I have read too many papers in my life that clearly didn't tease out any causality, yet pretended they did and that in my eyes is MUCH worse. Instead of faulting RCTs for the generalizability challenges that they share with most other research, ...
... let's educate research consumers to understand the value of replication studies, of studies at large scale, of a profound qualitative understanding of the context under study, and not least of squaring different types of evidence.
I think my main peeve with the piece is this last point: The strawman RCT that's being run in complete isolation from other evidence. Sure, it happens and results in bad studies, but most good RCTs I know corroborate their findings with observations from outside the experiment.
Or try to explain non-experimentally observed patterns or solidify common sense. As last year's @NobelPrize winners in economics stressed, RCTs more often than not force researchers to leave their cozy offices. That's a plus!
The piece enumerates a number of reasons why we shouldn't trust RCTs, but they can mostly be reduced to RCTs with small samples, selective attrition/selection into treatment, clustering standard errors at the wrong level, not replicating findings etc. Those are just bad studies.
Angus Deaton makes it sound like people invoke sample balance based purely on randomization – and completely skips the law of large number part of the argument. I wouldn't have gotten my RA job had I left that out in my interview... Strawman again.
Fishing for high t-stats/low p-value is also not a symptom of RCTs but of bad research. Same with ignoring outliers or jumping into regressions before looking carefully at the data you are working with.
At one point, Deaton writes "There is a great attraction of being able to make policy recommendations without having to construct models." At the peril of sounding petty, I don't know if I prefer making recommendations only based on models. Why not just do both? Strawman again...
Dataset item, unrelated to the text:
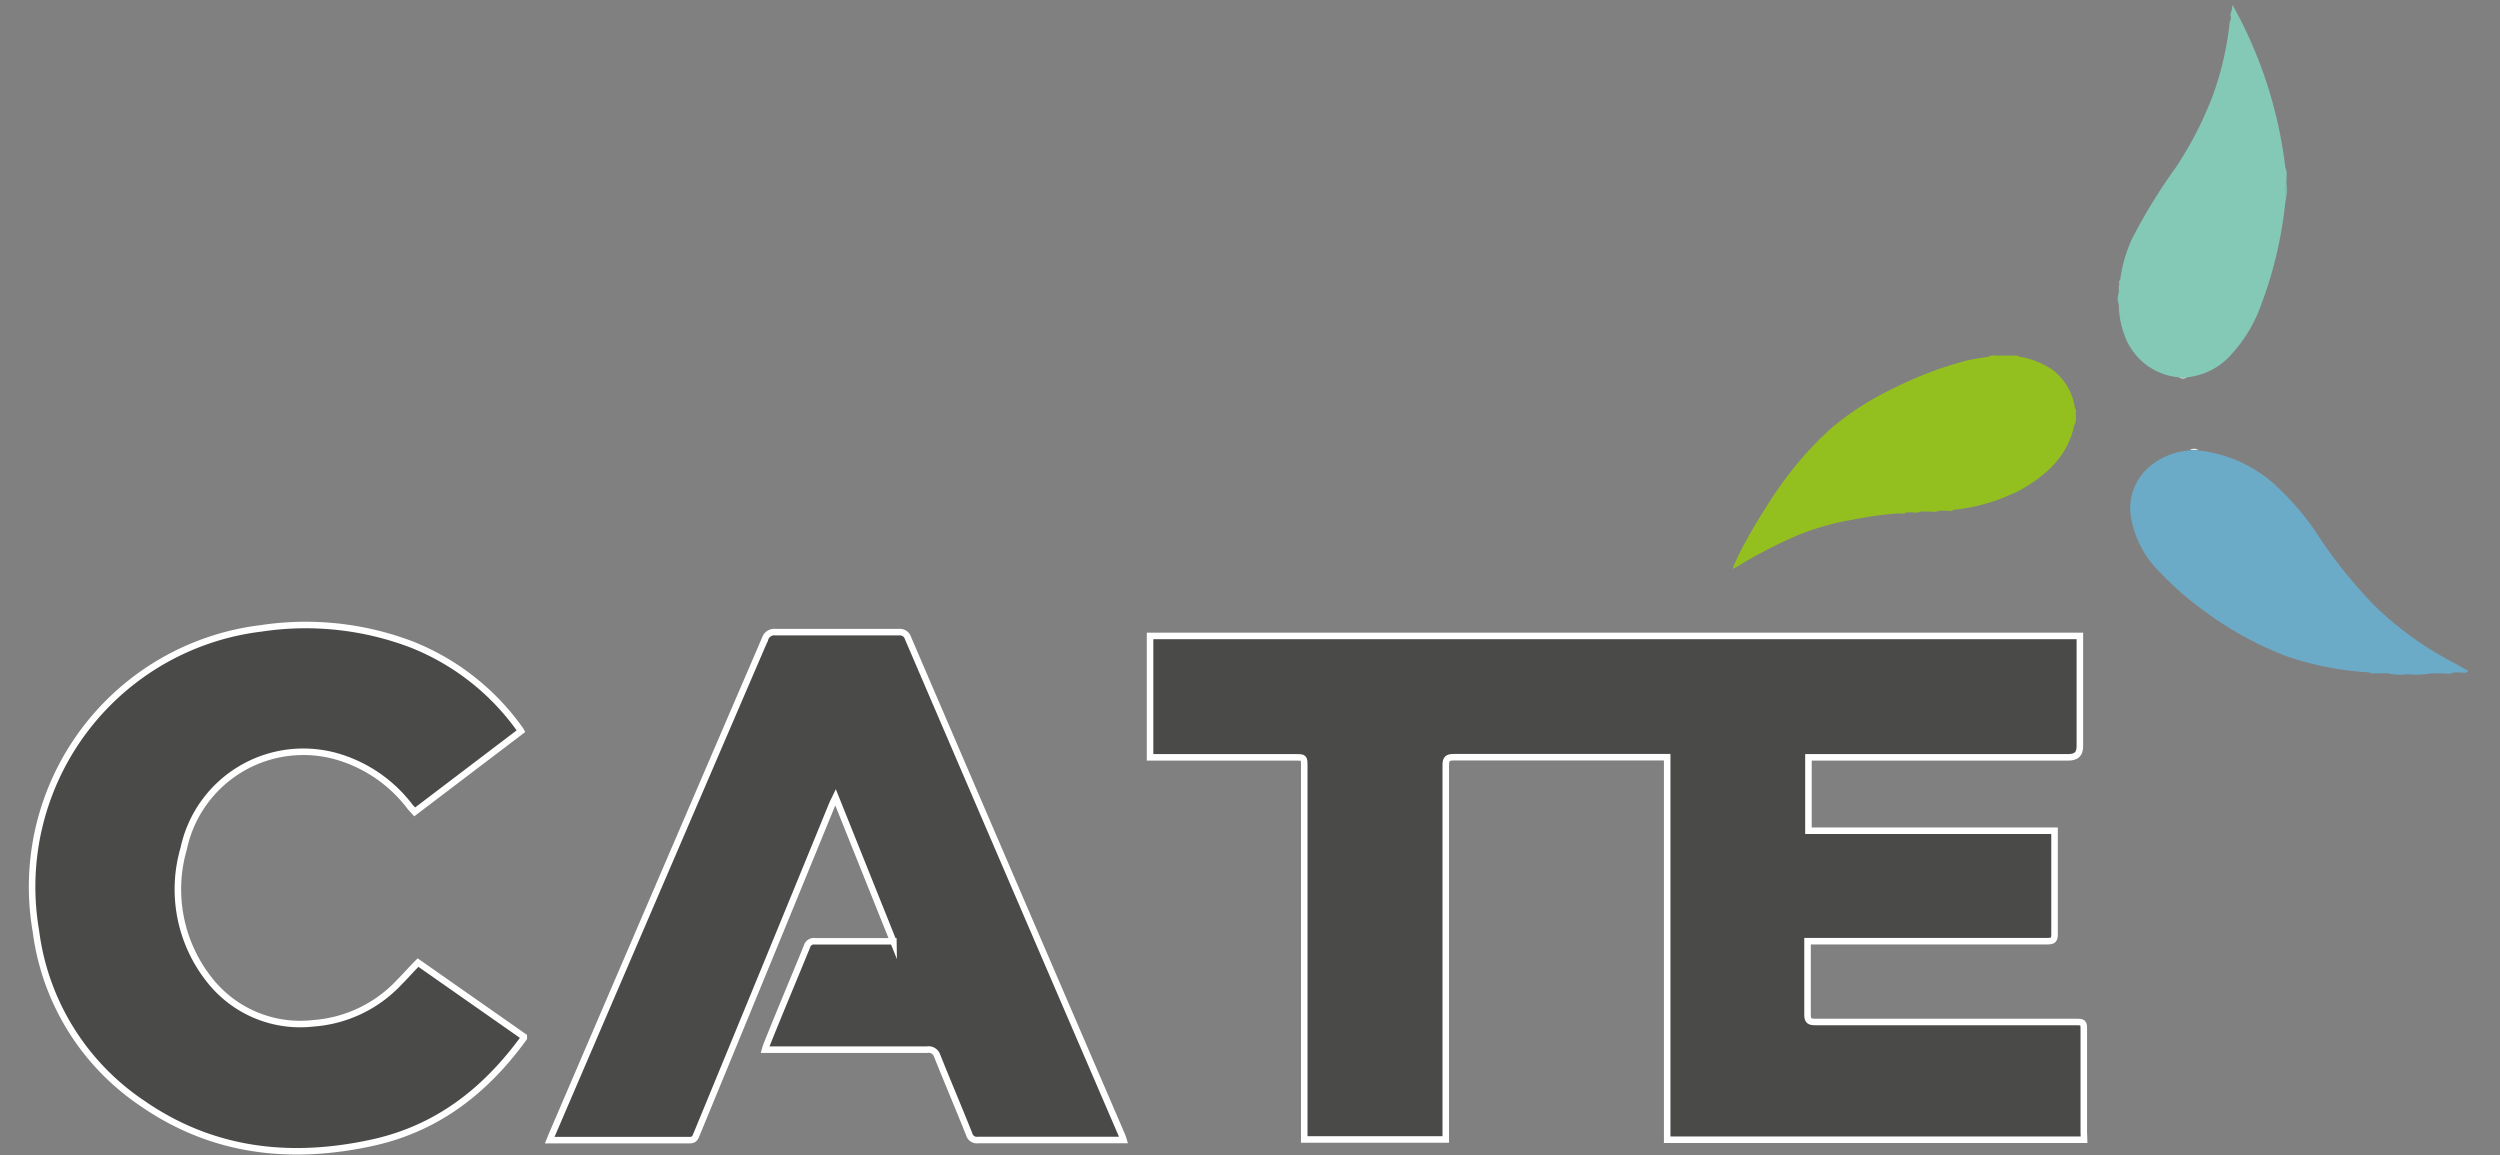 <svg id="Calque_1" data-name="Calque 1" xmlns="http://www.w3.org/2000/svg" viewBox="0 0 191.49 88.5"><rect x="0" y="0" width="191.49" height="88.5" fill="#808080" stroke="none"/><defs><style>.cls-1{fill:#4a4a49;stroke:#fff;stroke-miterlimit:10;stroke-width:0.5px;}.cls-2{fill:#fcfcfc;}.cls-3{fill:#6cabc7;}.cls-4{fill:#93c01f;}.cls-5{fill:#84c8b6;}</style></defs><path class="cls-1" d="M159.63,87.3H127.7V58h-.58c-5.26,0-10.52,0-15.78,0-.49,0-.6.15-.6.61q0,14,0,28v.67H99.9V58.7c0-.69,0-.69-.68-.69H88.09v-9.3h71.22c0,.2,0,.39,0,.59v7.84c0,.62-.26.87-.92.87H138.52v5.62h18.85c0,.21,0,.36,0,.51,0,2.48,0,5,0,7.43,0,.41-.11.52-.53.52-5.91,0-11.82,0-17.73,0h-.66v.54c0,1.7,0,3.4,0,5.09,0,.47.15.56.6.56h19.86c.7,0,.7,0,.7.67q0,3.88,0,7.75Z"/><path class="cls-1" d="M68.43,72.12,64,61.07c-.11.23-.19.38-.25.52Q58.57,74.25,53.35,86.9c-.1.26-.19.44-.55.43H42.44l-.33,0c.07-.17.12-.31.18-.45q8.16-19,16.31-37.94a.74.74,0,0,1,.8-.52c3.15,0,6.31,0,9.46,0a.65.65,0,0,1,.69.46q8.16,19,16.35,38a3.54,3.54,0,0,1,.16.44H74.92a.61.61,0,0,1-.69-.46c-.8-2-1.65-4-2.45-6A.69.69,0,0,0,71,80.4c-3.94,0-7.88,0-11.83,0h-.57a4.11,4.11,0,0,1,.14-.42c1-2.5,2.06-5,3.07-7.48a.55.55,0,0,1,.62-.4h6Z"/><path class="cls-1" d="M39.91,56l-8.15,6.19-.34-.38A10.8,10.8,0,0,0,26,58a9.37,9.37,0,0,0-11.93,7A11.16,11.16,0,0,0,16,75a8.83,8.83,0,0,0,8,3.38,10,10,0,0,0,6.59-3.15c.47-.47.93-1,1.43-1.5l8.1,5.67c0,.06,0,.09,0,.11-2.91,4-6.58,6.9-11.53,8-6.29,1.39-12.29.74-17.69-3A18.75,18.75,0,0,1,2.75,71.32,19.94,19.94,0,0,1,20,48.13a22.83,22.83,0,0,1,11.52,1.23,18.57,18.57,0,0,1,8.23,6.4A1.49,1.49,0,0,1,39.91,56Z"/><path class="cls-2" d="M168.39,34.46h-.66A.67.67,0,0,1,168.39,34.46Z"/><path class="cls-2" d="M166.88,28.9h.65A.63.63,0,0,1,166.88,28.9Z"/><path class="cls-3" d="M189,51.35l-1.11-.62a25.53,25.53,0,0,1-6-4.33,36.86,36.86,0,0,1-4.08-5A20.66,20.66,0,0,0,174.11,37a10.49,10.49,0,0,0-5.72-2.5,1.63,1.63,0,0,0-.66,0,5.36,5.36,0,0,0-3,1.17,4.19,4.19,0,0,0-1.46,4.2,7.8,7.8,0,0,0,2.31,4.1,23,23,0,0,0,3.25,2.82,26,26,0,0,0,6.46,3.53,23.56,23.56,0,0,0,6.17,1.18c.18.15.39.06.58.07h0l.84,0a3.94,3.94,0,0,0,1.49.07,6.6,6.6,0,0,0,1.83-.06h0l.93,0h0c.26,0,.53.09.78-.07h0l.55,0c.2,0,.42.1.59-.1Z"/><path class="cls-4" d="M159,31.75a.31.31,0,0,0,0,.13.31.31,0,0,1,0-.13v0c0-.16.07-.34-.07-.49h0a4.43,4.43,0,0,0-1.74-2.95,6.42,6.42,0,0,0-2.56-1c-.15-.13-.33-.06-.49-.07h-1.18c-.2,0-.42-.07-.6.07-.63.12-1.28.18-1.89.35a28.74,28.74,0,0,0-5.47,2.1,21.94,21.94,0,0,0-4.77,3.07,26.36,26.36,0,0,0-2.33,2.4,30.15,30.15,0,0,0-2.51,3.43c-.55.88-1.11,1.76-1.6,2.68a17.93,17.93,0,0,0-1.09,2.24c.14-.07.21-.09.27-.13A37.49,37.49,0,0,1,137.69,41,20,20,0,0,1,142,39.79a28.39,28.39,0,0,1,3.42-.47c.21,0,.42.08.6-.07l.46,0c.2,0,.41.07.59-.07l.63,0c.27,0,.54.09.79-.06l.65,0c.16,0,.34.07.49-.07a14.38,14.38,0,0,0,5.11-1.51c2-1.13,3.63-2.59,4.13-4.94C159.07,32.27,159,32,159,31.75Z"/><path class="cls-5" d="M162.4,21.43a11,11,0,0,1,.9-3.13,42.29,42.29,0,0,1,3.37-5.49,27.93,27.93,0,0,0,2.82-5.49,23.56,23.56,0,0,0,1.28-5.49c0-.19.15-.35.1-.54s0-.33.07-.48L171,.37a33.66,33.66,0,0,1,4.05,12.48c.1.37,0,.75.08,1.12,0,0,0,0,0,.07-.12.46,0,.94-.08,1.41a31.24,31.24,0,0,1-1.92,8.07,11,11,0,0,1-2.22,3.63,5.22,5.22,0,0,1-3.39,1.75,1.43,1.43,0,0,1-.65,0,4.88,4.88,0,0,1-4.16-3.27,7,7,0,0,1-.42-2.35,2.31,2.31,0,0,1,0-.83l0-.55C162.42,21.75,162.31,21.58,162.4,21.43Z"/><path class="cls-5" d="M175.06,15.45a5.12,5.12,0,0,1,.08-1.41A4.76,4.76,0,0,1,175.06,15.45Z"/><path class="cls-5" d="M175.14,14a3,3,0,0,1-.08-1.12C175.23,13.21,175.1,13.6,175.14,14Z"/><path class="cls-5" d="M162.3,22.45v.83A.93.93,0,0,1,162.3,22.45Z"/><path class="cls-5" d="M162.4,21.43a.7.7,0,0,1-.08.47C162.33,21.74,162.26,21.57,162.4,21.43Z"/></svg>

A critical point and one on which I largely agree is the argument of vulnerability. But that's followed up by this: "Institutional review boards in the US have special protection for prisoners, whose autonomy is compromised; ...
... there appears to be no similar protection for some of the poorest people in the world." That's simply not true. The principles of non-coercion and beneficence very clearly work together to balance study incentives in a way that ensure participants are empowered ...
... to withdraw from a study without any disadvantage to themselves. You also can't run an RCT in Kenya with only a US IRB. Again, the opposite is an unethical study, not a general rule for RCTs. Yet, I agree that the ethics review in most institutions needs more teeth.